* DATA RECORDS

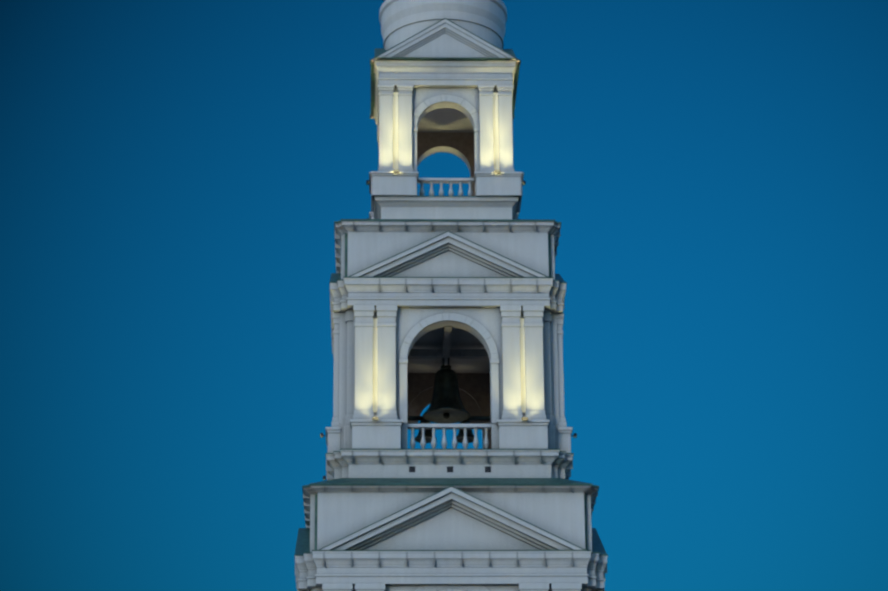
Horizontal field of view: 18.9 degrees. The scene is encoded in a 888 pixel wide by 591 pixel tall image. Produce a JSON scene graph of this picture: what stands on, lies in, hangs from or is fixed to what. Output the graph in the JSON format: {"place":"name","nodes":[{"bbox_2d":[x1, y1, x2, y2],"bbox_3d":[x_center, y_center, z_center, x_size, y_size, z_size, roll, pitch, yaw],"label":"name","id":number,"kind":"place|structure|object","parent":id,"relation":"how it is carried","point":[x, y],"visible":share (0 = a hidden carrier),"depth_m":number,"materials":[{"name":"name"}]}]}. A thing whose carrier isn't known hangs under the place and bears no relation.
{"place":"outdoors","nodes":[
{"label":"outdoors","id":0,"kind":"place"},
{"bbox_2d":[0,0,887,590],"label":"sky","id":1,"kind":"structure","parent":0,"point":[176,176],"materials":[{"name":"blue"}]},
{"bbox_2d":[407,376,482,423],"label":"bell braces","id":2,"kind":"object","parent":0,"point":[421,401],"visible":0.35,"depth_m":84.41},
{"bbox_3d":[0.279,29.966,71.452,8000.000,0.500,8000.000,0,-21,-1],"label":"ground","id":3,"kind":"structure","parent":0,"visible":0},
{"bbox_2d":[295,0,607,590],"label":"bell tower","id":4,"kind":"structure","parent":3,"relation":"on","point":[450,518],"depth_m":78.71,"materials":[{"name":"paint"}]},
{"bbox_2d":[394,87,498,195],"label":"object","id":5,"kind":"object","parent":4,"relation":"attached to","point":[462,145],"visible":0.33,"depth_m":86.03,"materials":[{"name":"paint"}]},
{"bbox_2d":[320,170,576,479],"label":"floodlights","id":6,"kind":"object","parent":4,"relation":"attached to","point":[450,468],"visible":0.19,"depth_m":77.43,"materials":[{"name":"grey metal"}]},
{"bbox_2d":[339,308,558,448],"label":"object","id":7,"kind":"object","parent":4,"relation":"on","point":[476,387],"visible":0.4,"depth_m":79.03,"materials":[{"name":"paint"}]},
{"bbox_2d":[408,326,488,364],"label":"bell beams","id":8,"kind":"structure","parent":7,"relation":"on","point":[445,352],"depth_m":81.99,"materials":[{"name":"brown wood"}]},
{"bbox_2d":[407,358,490,442],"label":"bells","id":9,"kind":"object","parent":8,"relation":"hanging from","point":[446,406],"visible":0.81,"depth_m":81.50,"materials":[{"name":"brown metal"}]},
{"bbox_2d":[373,118,524,364],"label":"light strip","id":10,"kind":"object","parent":4,"relation":"hanging from","point":[495,128],"visible":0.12,"depth_m":78.72,"materials":[{"name":"white"}]},
{"bbox_2d":[373,131,524,380],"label":"light strip","id":11,"kind":"object","parent":4,"relation":"hanging from","point":[395,141],"visible":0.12,"depth_m":82.44,"materials":[{"name":"white"}]},
{"bbox_2d":[373,105,524,348],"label":"light strip","id":12,"kind":"object","parent":4,"relation":"hanging from","point":[375,336],"visible":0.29,"depth_m":78.88,"materials":[{"name":"white"}]},
{"bbox_2d":[373,92,524,333],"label":"light strip","id":13,"kind":"object","parent":4,"relation":"hanging from","point":[395,102],"visible":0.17,"depth_m":79.07,"materials":[{"name":"white"}]},
{"bbox_2d":[373,144,525,395],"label":"light strip","id":14,"kind":"object","parent":4,"relation":"hanging from","point":[375,382],"visible":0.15,"depth_m":78.36,"materials":[{"name":"white"}]},
{"bbox_2d":[373,157,525,411],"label":"light strip","id":15,"kind":"object","parent":4,"relation":"hanging from","point":[375,398],"visible":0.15,"depth_m":78.19,"materials":[{"name":"white"}]},
{"bbox_2d":[294,18,607,557],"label":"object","id":16,"kind":"object","parent":4,"relation":"on","point":[303,543],"visible":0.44,"depth_m":77.15,"materials":[{"name":"white paint"}]},
{"bbox_2d":[295,221,606,589],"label":"brackets","id":17,"kind":"object","parent":4,"relation":"attached to","point":[567,474],"visible":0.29,"depth_m":78.73,"materials":[{"name":"grey"}]},
{"bbox_2d":[305,585,597,590],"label":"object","id":18,"kind":"object","parent":4,"relation":"attached to","point":[414,587],"depth_m":75.21,"materials":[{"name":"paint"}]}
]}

* WORK INSTRUCTIONS
Pictures are to be left out when the entries above are repeated exactly.

* SOLUTION TO THE PROBLEM
Horizontal field of view: 18.9 degrees. The scene is encoded in a 888 pixel wide by 591 pixel tall image. Produce a JSON scene graph of this picture: what stands on, lies in, hangs from or is fixed to what. Output the graph in the JSON format: {"place":"name","nodes":[{"bbox_2d":[x1, y1, x2, y2],"bbox_3d":[x_center, y_center, z_center, x_size, y_size, z_size, roll, pitch, yaw],"label":"name","id":number,"kind":"place|structure|object","parent":id,"relation":"how it is carried","point":[x, y],"visible":share (0 = a hidden carrier),"depth_m":number,"materials":[{"name":"name"}]}]}. A thing whose carrier isn't known hangs under the place and bears no relation.
{"place":"outdoors","nodes":[
{"label":"outdoors","id":0,"kind":"place"},
{"bbox_2d":[0,0,887,590],"label":"sky","id":1,"kind":"structure","parent":0,"point":[176,176],"materials":[{"name":"blue"}]},
{"bbox_2d":[407,376,482,423],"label":"bell braces","id":2,"kind":"object","parent":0,"point":[421,401],"visible":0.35,"depth_m":84.41},
{"bbox_3d":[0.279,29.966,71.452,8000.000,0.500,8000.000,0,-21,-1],"label":"ground","id":3,"kind":"structure","parent":0,"visible":0},
{"bbox_2d":[295,0,607,590],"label":"bell tower","id":4,"kind":"structure","parent":3,"relation":"on","point":[450,518],"depth_m":78.71,"materials":[{"name":"paint"}]},
{"bbox_2d":[394,87,498,195],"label":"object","id":5,"kind":"object","parent":4,"relation":"attached to","point":[462,145],"visible":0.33,"depth_m":86.03,"materials":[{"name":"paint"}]},
{"bbox_2d":[320,170,576,479],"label":"floodlights","id":6,"kind":"object","parent":4,"relation":"attached to","point":[450,468],"visible":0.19,"depth_m":77.43,"materials":[{"name":"grey metal"}]},
{"bbox_2d":[339,308,558,448],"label":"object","id":7,"kind":"object","parent":4,"relation":"on","point":[476,387],"visible":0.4,"depth_m":79.03,"materials":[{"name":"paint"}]},
{"bbox_2d":[408,326,488,364],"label":"bell beams","id":8,"kind":"structure","parent":7,"relation":"on","point":[445,352],"depth_m":81.99,"materials":[{"name":"brown wood"}]},
{"bbox_2d":[407,358,490,442],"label":"bells","id":9,"kind":"object","parent":8,"relation":"hanging from","point":[446,406],"visible":0.81,"depth_m":81.50,"materials":[{"name":"brown metal"}]},
{"bbox_2d":[373,118,524,364],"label":"light strip","id":10,"kind":"object","parent":4,"relation":"hanging from","point":[495,128],"visible":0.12,"depth_m":78.72,"materials":[{"name":"white"}]},
{"bbox_2d":[373,131,524,380],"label":"light strip","id":11,"kind":"object","parent":4,"relation":"hanging from","point":[395,141],"visible":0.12,"depth_m":82.44,"materials":[{"name":"white"}]},
{"bbox_2d":[373,105,524,348],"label":"light strip","id":12,"kind":"object","parent":4,"relation":"hanging from","point":[375,336],"visible":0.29,"depth_m":78.88,"materials":[{"name":"white"}]},
{"bbox_2d":[373,92,524,333],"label":"light strip","id":13,"kind":"object","parent":4,"relation":"hanging from","point":[395,102],"visible":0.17,"depth_m":79.07,"materials":[{"name":"white"}]},
{"bbox_2d":[373,144,525,395],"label":"light strip","id":14,"kind":"object","parent":4,"relation":"hanging from","point":[375,382],"visible":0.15,"depth_m":78.36,"materials":[{"name":"white"}]},
{"bbox_2d":[373,157,525,411],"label":"light strip","id":15,"kind":"object","parent":4,"relation":"hanging from","point":[375,398],"visible":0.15,"depth_m":78.19,"materials":[{"name":"white"}]},
{"bbox_2d":[294,18,607,557],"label":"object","id":16,"kind":"object","parent":4,"relation":"on","point":[303,543],"visible":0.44,"depth_m":77.15,"materials":[{"name":"white paint"}]},
{"bbox_2d":[295,221,606,589],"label":"brackets","id":17,"kind":"object","parent":4,"relation":"attached to","point":[567,474],"visible":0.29,"depth_m":78.73,"materials":[{"name":"grey"}]},
{"bbox_2d":[305,585,597,590],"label":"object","id":18,"kind":"object","parent":4,"relation":"attached to","point":[414,587],"depth_m":75.21,"materials":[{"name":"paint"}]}
]}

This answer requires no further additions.